Putnam, you may recall, wrote Bowling Alone back in 2000. In it he mourned that Americans didn't seem to be joining organizations (e.g., bowling leagues) any more. Golly, I wonder why that might be?

Here's a clue. Back in the early 1970s I belonged to a couple of Toastmasters Clubs. They were great: you learned how to do public speaking and think on your feet. But even then, members were worrying that it was hard to get kids to join Toastmasters because it was easier to take a speech class at the local community college. Hello liberals!

Okay, so the liberal welfare state is to blame for everything. But what about that bottom 30 percent? We have to do something.

It happens that I am confronting this issue at this very moment in the writing of “An American Manifesto.” I call for a “culture of involvement” and I sketch typical life trajectories, including a poor family that, with minimal skills, still manages to make it with hard work and get their kids out of the nest with a decent education. But, I realize, what happens if things go wrong? Do we just let that poor family starve?

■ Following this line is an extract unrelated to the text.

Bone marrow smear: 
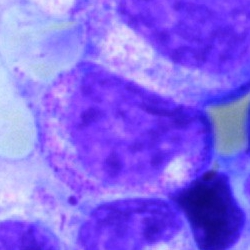
Impression — myelocyte.

I went downstairs and got out The Year 1000 by Robert Lacey and Danny Danziger, a book about life in England in the year 1000. On a page comfortably talking about the fact that Bristol and Dublin were major slave ports back then, they address the question of what happened to a poor person down on his luck.

[I]n the year 1000 the starving man had no other resort but to kneel before his lord or lady and place his head in their hands. No legal document was involved, and the new bondsman would be handed a bill-hook or ox-goad in token of his fresh start in servitude.

The idea was that you gave up to your lord your “head for food.”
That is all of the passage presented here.